> [ENTRIES PROVIDED]:
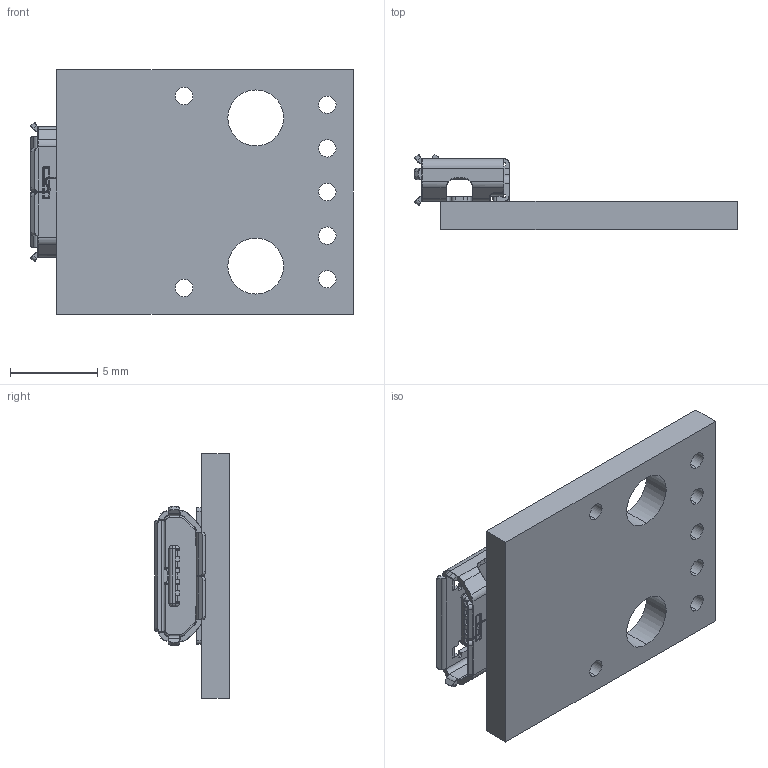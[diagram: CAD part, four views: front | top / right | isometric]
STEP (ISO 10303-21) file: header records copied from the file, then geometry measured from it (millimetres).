
FILE_DESCRIPTION (( 'STEP AP214' ), '1' );
FILE_NAME ('DIY micro usb.STEP', '2022-10-13T12:21:06', ( '' ), ( '' ), 'SwSTEP 2.0', 'SolidWorks 2021', '' );
FILE_SCHEMA (( 'AUTOMOTIVE_DESIGN' ));
Length unit declared in the file: millimetre
Products named in the file (3): DIY MicroUSB Port; DIY micro usb; DIY micro usb plate
Assembly tree (2 placements, depth 2):
  DIY micro usb
    DIY micro usb plate
    DIY MicroUSB Port
Bounding box: 18.5 x 4.29 x 14 mm (x, y, z)
Volume: 390.6 mm3; surface area: 909.9 mm2
Topology: 8 solids, 8 shells, 1254 faces, 3136 edges, 1852 vertices
Faces by surface type: cylinder 539, plane 368, torus 249, bspline 78, sphere 20
Entity records: 38895 total; most frequent: CARTESIAN_POINT 8351, DIRECTION 6565, ORIENTED_EDGE 6208, EDGE_CURVE 3104, AXIS2_PLACEMENT_3D 2486, VERTEX_POINT 1852, LINE 1593, VECTOR 1593
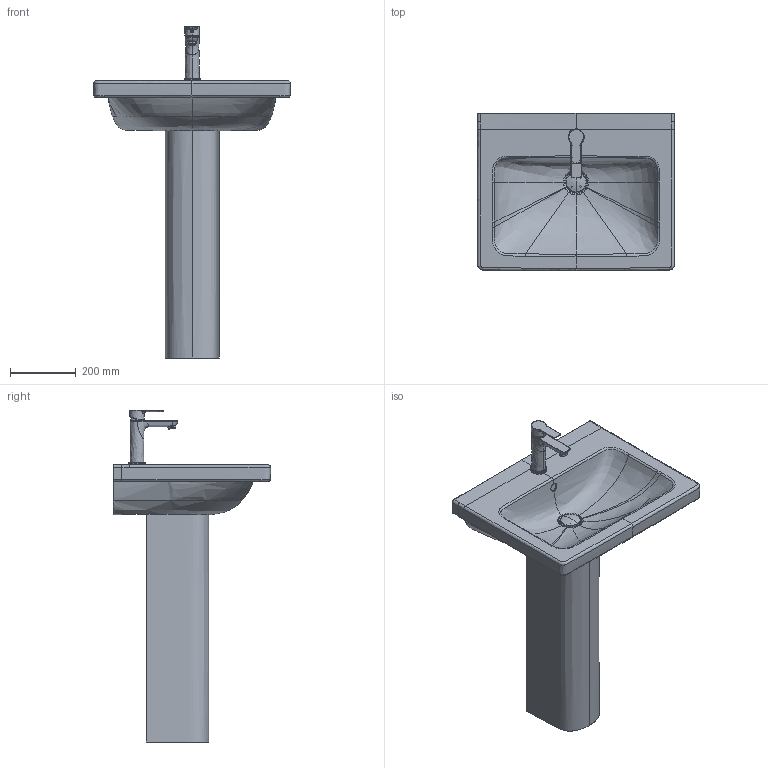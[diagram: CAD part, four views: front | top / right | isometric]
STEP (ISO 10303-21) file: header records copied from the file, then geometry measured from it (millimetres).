
FILE_DESCRIPTION(/* description */ (''),/* implementation_level */ '2;1');
FILE_NAME(/* name */ '239960_0866010000',/* time_stamp */ '2024-10-28T09:06:25+01:00',/* author */ (''),/* organization */ (''),/* preprocessor_version */ 'ST-DEVELOPER v15',/* originating_system */ '',/* authorisation */ '');
FILE_SCHEMA (('AUTOMOTIVE_DESIGN'));
Length unit declared in the file: millimetre
Products named in the file (1): Document
Bounding box: 600.32 x 480.19 x 1012.87 mm (x, y, z)
Volume: 14577015.8 mm3; surface area: 1862561.3 mm2
Topology: 5 solids, 109 shells, 550 faces, 1586 edges, 1135 vertices
Faces by surface type: bspline 455, plane 95
Entity records: 122806 total; most frequent: CARTESIAN_POINT 113831, ORIENTED_EDGE 2613, EDGE_CURVE 1561, VERTEX_POINT 1132, B_SPLINE_CURVE_WITH_KNOTS 1096, EDGE_LOOP 581, ADVANCED_FACE 548, FACE_OUTER_BOUND 548
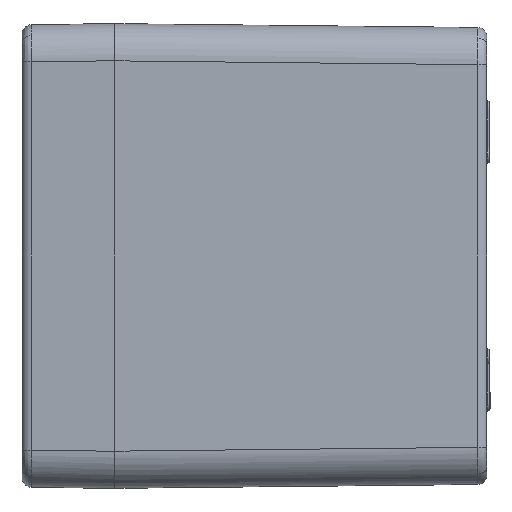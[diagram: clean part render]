
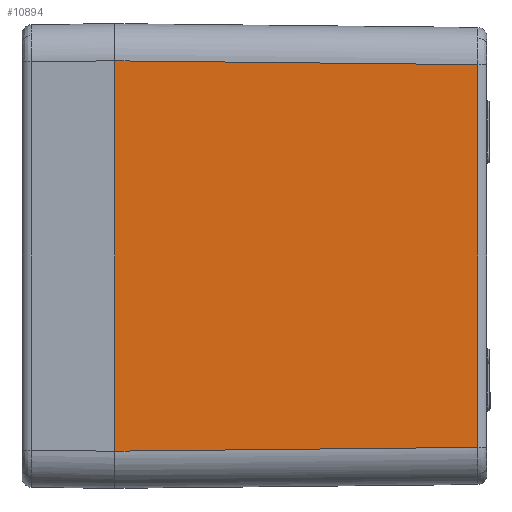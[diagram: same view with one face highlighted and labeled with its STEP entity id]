
A CAD part, left-side view. The second image highlights one B-rep face of the part: STEP entity #10894.
In plain terms, the highlighted planar face has unit normal (-1, -0.011, 0).
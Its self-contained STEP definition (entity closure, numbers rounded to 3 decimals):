
#930=LINE('',#20416,#1478);
#983=LINE('',#20725,#1531);
#984=LINE('',#20726,#1532);
#985=LINE('',#20727,#1533);
#1478=VECTOR('',#15016,1000.);
#1531=VECTOR('',#15173,1000.);
#1532=VECTOR('',#15174,1000.);
#1533=VECTOR('',#15175,1000.);
#1790=PLANE('',#12245);
#2475=FACE_OUTER_BOUND('',#3275,.T.);
#3275=EDGE_LOOP('',(#9012,#9013,#9014,#9015));
#5093=VERTEX_POINT('',#19379);
#5258=VERTEX_POINT('',#20414);
#5259=VERTEX_POINT('',#20415);
#5317=VERTEX_POINT('',#20724);
#6560=EDGE_CURVE('',#5258,#5259,#930,.T.);
#6651=EDGE_CURVE('',#5259,#5317,#983,.T.);
#6652=EDGE_CURVE('',#5317,#5093,#984,.T.);
#6653=EDGE_CURVE('',#5093,#5258,#985,.T.);
#9012=ORIENTED_EDGE('',*,*,#6651,.T.);
#9013=ORIENTED_EDGE('',*,*,#6652,.T.);
#9014=ORIENTED_EDGE('',*,*,#6653,.T.);
#9015=ORIENTED_EDGE('',*,*,#6560,.T.);
#10894=ADVANCED_FACE('',(#2475),#1790,.T.);
#12245=AXIS2_PLACEMENT_3D('',#20723,#15171,#15172);
#15016=DIRECTION('',(0.,0.,-1.));
#15171=DIRECTION('center_axis',(-1.,-0.01,
0.));
#15172=DIRECTION('ref_axis',(0.01,-1.,0.));
#15173=DIRECTION('',(0.01,-1.,0.01));
#15174=DIRECTION('',(0.,0.,1.));
#15175=DIRECTION('',(-0.01,1.,0.01));
#19379=CARTESIAN_POINT('',(-79.369,-58.216,30.87));
#20414=CARTESIAN_POINT('',(-79.982,0.3,31.483));
#20415=CARTESIAN_POINT('',(-79.982,0.3,-31.483));
#20416=CARTESIAN_POINT('',(-79.982,0.3,-37.5));
#20723=CARTESIAN_POINT('Origin',(-80.,2.,-37.5));
#20724=CARTESIAN_POINT('',(-79.369,-58.216,-30.87));
#20725=CARTESIAN_POINT('',(-80.001,2.063,-31.501));
#20726=CARTESIAN_POINT('',(-79.369,-58.216,30.854));
#20727=CARTESIAN_POINT('',(-79.992,1.278,31.493));
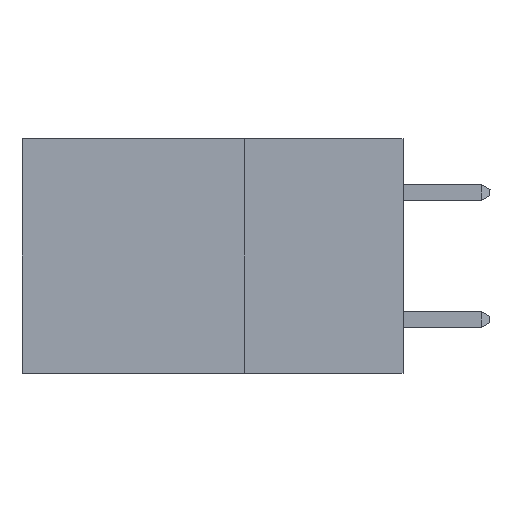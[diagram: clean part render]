
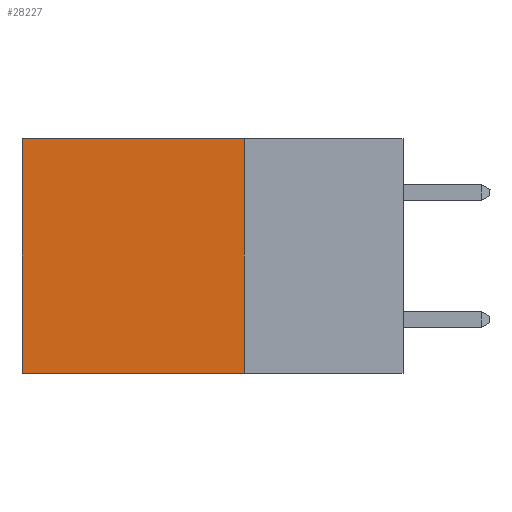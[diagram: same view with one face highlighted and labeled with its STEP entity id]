
A CAD part, left-side view. The second image highlights one B-rep face of the part: STEP entity #28227.
In plain terms, the highlighted planar face has unit normal (-1, 0, 0).
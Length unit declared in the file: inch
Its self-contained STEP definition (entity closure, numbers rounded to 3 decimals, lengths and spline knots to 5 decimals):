
#864 = CARTESIAN_POINT ( 'NONE',  ( 0.2875, 0.25, 0. ) ) ;
#1017 = DIRECTION ( 'NONE',  ( 1., 0., 0. ) ) ;
#1107 = EDGE_CURVE ( 'NONE', #17054, #22170, #15722, .T. ) ;
#2936 = EDGE_CURVE ( 'NONE', #4516, #16127, #41570, .T. ) ;
#3442 = ORIENTED_EDGE ( 'NONE', *, *, #1107, .T. ) ;
#4516 = VERTEX_POINT ( 'NONE', #19643 ) ;
#5388 = VECTOR ( 'NONE', #30684, 39.37008 ) ;
#5407 = ORIENTED_EDGE ( 'NONE', *, *, #31324, .F. ) ;
#5999 = VECTOR ( 'NONE', #41842, 39.37008 ) ;
#6362 = DIRECTION ( 'NONE',  ( 0., 0., -1. ) ) ;
#9288 = ORIENTED_EDGE ( 'NONE', *, *, #39294, .T. ) ;
#9899 = CARTESIAN_POINT ( 'NONE',  ( 0.2875, 0.6, -0.37 ) ) ;
#11875 = CARTESIAN_POINT ( 'NONE',  ( 0.2875, 0.6, 0. ) ) ;
#15722 = LINE ( 'NONE', #45407, #42836 ) ;
#16127 = VERTEX_POINT ( 'NONE', #17856 ) ;
#16935 = CARTESIAN_POINT ( 'NONE',  ( 0.2875, 0.25, -0.37 ) ) ;
#17054 = VERTEX_POINT ( 'NONE', #11875 ) ;
#17856 = CARTESIAN_POINT ( 'NONE',  ( 0.2875, 0.25, -0.37 ) ) ;
#19643 = CARTESIAN_POINT ( 'NONE',  ( 0.2875, 0.25, 0. ) ) ;
#22170 = VERTEX_POINT ( 'NONE', #9899 ) ;
#23744 = ORIENTED_EDGE ( 'NONE', *, *, #2936, .F. ) ;
#25995 = DIRECTION ( 'NONE',  ( 0., 0., -1. ) ) ;
#27122 = CARTESIAN_POINT ( 'NONE',  ( 0.2875, 0.25, 0. ) ) ;
#28227 = ADVANCED_FACE ( 'NONE', ( #33672 ), #40059, .F. ) ;
#28945 = AXIS2_PLACEMENT_3D ( 'NONE', #864, #1017, #25995 ) ;
#30684 = DIRECTION ( 'NONE',  ( 0., 1., 0. ) ) ;
#31324 = EDGE_CURVE ( 'NONE', #16127, #22170, #34416, .T. ) ;
#32179 = VECTOR ( 'NONE', #39091, 39.37008 ) ;
#33672 = FACE_OUTER_BOUND ( 'NONE', #42900, .T. ) ;
#33782 = LINE ( 'NONE', #27122, #5388 ) ;
#34416 = LINE ( 'NONE', #16935, #5999 ) ;
#39091 = DIRECTION ( 'NONE',  ( 0., 0., -1. ) ) ;
#39294 = EDGE_CURVE ( 'NONE', #4516, #17054, #33782, .T. ) ;
#40059 = PLANE ( 'NONE',  #28945 ) ;
#41570 = LINE ( 'NONE', #42485, #32179 ) ;
#41842 = DIRECTION ( 'NONE',  ( 0., 1., 0. ) ) ;
#42485 = CARTESIAN_POINT ( 'NONE',  ( 0.2875, 0.25, 0. ) ) ;
#42836 = VECTOR ( 'NONE', #6362, 39.37008 ) ;
#42900 = EDGE_LOOP ( 'NONE', ( #3442, #5407, #23744, #9288 ) ) ;
#45407 = CARTESIAN_POINT ( 'NONE',  ( 0.2875, 0.6, 0. ) ) ;
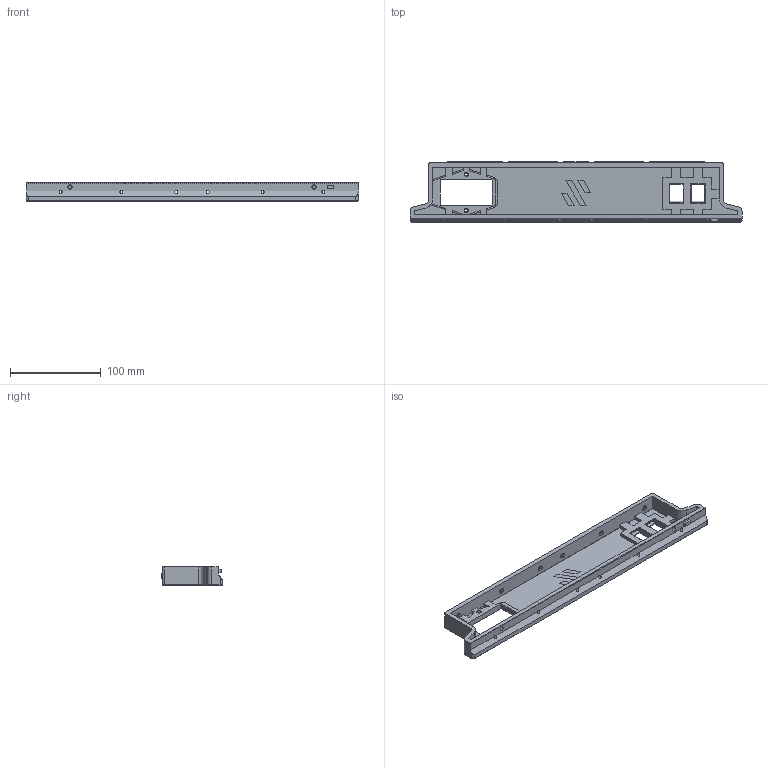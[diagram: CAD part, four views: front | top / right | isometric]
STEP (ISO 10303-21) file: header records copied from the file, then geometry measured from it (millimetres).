
FILE_DESCRIPTION(/* description */ (''),/* implementation_level */ '2;1');
FILE_NAME(/* name */ '300_Rearskirt (Siboor Inlet).step',/* time_stamp */ '2024-07-30T23:26:00+02:00',/* author */ (''),/* organization */ (''),/* preprocessor_version */ 'ST-DEVELOPER v20',/* originating_system */ 'Autodesk Translation Framework v13.14.0.145',/* authorisation */ '');
FILE_SCHEMA (('AUTOMOTIVE_DESIGN { 1 0 10303 214 3 1 1 }'));
Length unit declared in the file: millimetre
Products named in the file (1): Fusion-Komponente
Bounding box: 366.2 x 67 x 20 mm (x, y, z)
Volume: 191116.4 mm3; surface area: 111484.3 mm2
Topology: 2 solids, 2 shells, 387 faces, 1064 edges, 696 vertices
Faces by surface type: plane 277, cylinder 98, cone 12
Full cylindrical faces by diameter (mm): 3.3 x4, 3.4 x10, 3.403 x2, 4.7 x4, 6 x6
Entity records: 12350 total; most frequent: CARTESIAN_POINT 2148, ORIENTED_EDGE 2128, DIRECTION 2093, EDGE_CURVE 1064, LINE 811, VECTOR 811, VERTEX_POINT 696, AXIS2_PLACEMENT_3D 641
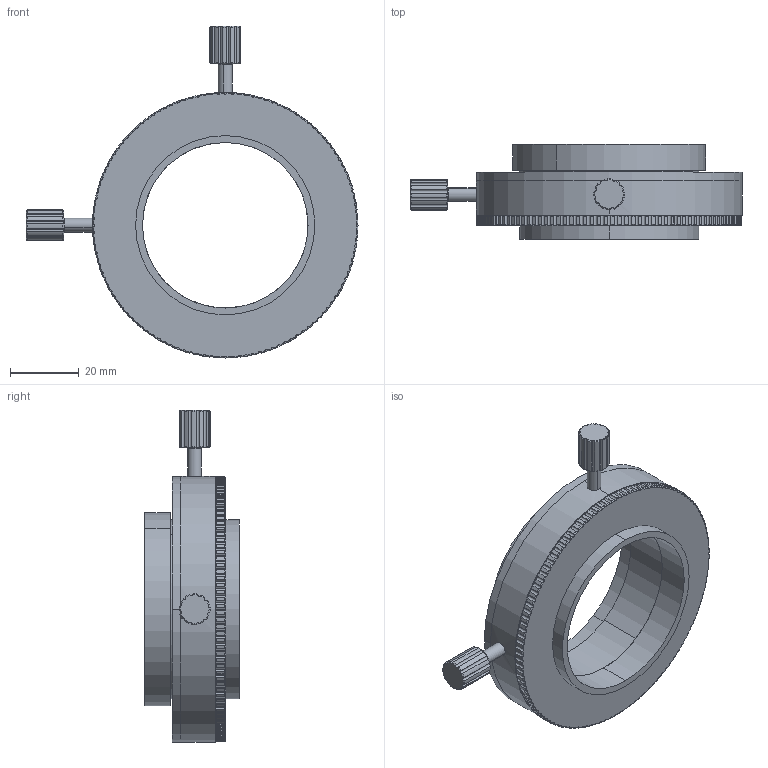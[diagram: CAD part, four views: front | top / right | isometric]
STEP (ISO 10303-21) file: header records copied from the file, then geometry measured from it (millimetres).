
FILE_DESCRIPTION (( 'STEP AP203' ), '1' );
FILE_NAME ('507000.STEP', '2021-05-27T10:03:56', ( '' ), ( '' ), 'SwSTEP 2.0', 'SolidWorks 2020', '' );
FILE_SCHEMA (( 'CONFIG_CONTROL_DESIGN' ));
Length unit declared in the file: millimetre
Products named in the file (1): 507000
Bounding box: 96.28 x 27.5 x 96.28 mm (x, y, z)
Volume: 45584.1 mm3; surface area: 36118.6 mm2
Topology: 10 solids, 10 shells, 847 faces, 2361 edges, 1541 vertices
Faces by surface type: cylinder 437, cone 324, plane 70, torus 10, sphere 6
Entity records: 33876 total; most frequent: CARTESIAN_POINT 12312, ORIENTED_EDGE 4692, DIRECTION 4535, EDGE_CURVE 2346, AXIS2_PLACEMENT_3D 1993, VERTEX_POINT 1538, CIRCLE 1145, EDGE_LOOP 886

> [WORK REQUIRED]: Each line above starting at the one holding "FILE_SCHEMA (( 'AUTOMOTIVE_DESIGN' ));" and ending at the one holding "#1532=VECTOR('',#15174,1000.);" should be set down exactly as it stands, both ends included, with no pictures.

> [EXERCISE RESPONSE]:
FILE_SCHEMA (( 'AUTOMOTIVE_DESIGN' ));
Length unit declared in the file: millimetre
Products named in the file (3): DIY MicroUSB Port; DIY micro usb; DIY micro usb plate
Assembly tree (2 placements, depth 2):
  DIY micro usb
    DIY micro usb plate
    DIY MicroUSB Port
Bounding box: 18.5 x 4.29 x 14 mm (x, y, z)
Volume: 390.6 mm3; surface area: 909.9 mm2
Topology: 8 solids, 8 shells, 1254 faces, 3136 edges, 1852 vertices
Faces by surface type: cylinder 539, plane 368, torus 249, bspline 78, sphere 20
Entity records: 38895 total; most frequent: CARTESIAN_POINT 8351, DIRECTION 6565, ORIENTED_EDGE 6208, EDGE_CURVE 3104, AXIS2_PLACEMENT_3D 2486, VERTEX_POINT 1852, LINE 1593, VECTOR 1593
[diagram: CAD part, four views: front | top / right | isometric]
STEP (ISO 10303-21) file: header records copied from the file, then geometry measured from it (millimetres).
FILE_DESCRIPTION(/* description */ (''),/* implementation_level */ '2;1');
FILE_NAME(/* name */ '239960_0866010000',/* time_stamp */ '2024-10-28T09:06:25+01:00',/* author */ (''),/* organization */ (''),/* preprocessor_version */ 'ST-DEVELOPER v15',/* originating_system */ '',/* authorisation */ '');
FILE_SCHEMA (('AUTOMOTIVE_DESIGN'));
Length unit declared in the file: millimetre
Products named in the file (1): Document
Bounding box: 600.32 x 480.19 x 1012.87 mm (x, y, z)
Volume: 14577015.8 mm3; surface area: 1862561.3 mm2
Topology: 5 solids, 109 shells, 550 faces, 1586 edges, 1135 vertices
Faces by surface type: bspline 455, plane 95
Entity records: 122806 total; most frequent: CARTESIAN_POINT 113831, ORIENTED_EDGE 2613, EDGE_CURVE 1561, VERTEX_POINT 1132, B_SPLINE_CURVE_WITH_KNOTS 1096, EDGE_LOOP 581, ADVANCED_FACE 548, FACE_OUTER_BOUND 548
[diagram: clean part render]
[diagram: same view with one face highlighted and labeled with its STEP entity id]
A CAD part, left-side view. The second image highlights one B-rep face of the part: STEP entity #10894.
In plain terms, the highlighted planar face has unit normal (-1, -0.011, 0).
Its self-contained STEP definition (entity closure, numbers rounded to 3 decimals):
#930=LINE('',#20416,#1478);
#983=LINE('',#20725,#1531);
#984=LINE('',#20726,#1532);
#985=LINE('',#20727,#1533);
#1478=VECTOR('',#15016,1000.);
#1531=VECTOR('',#15173,1000.);
#1532=VECTOR('',#15174,1000.);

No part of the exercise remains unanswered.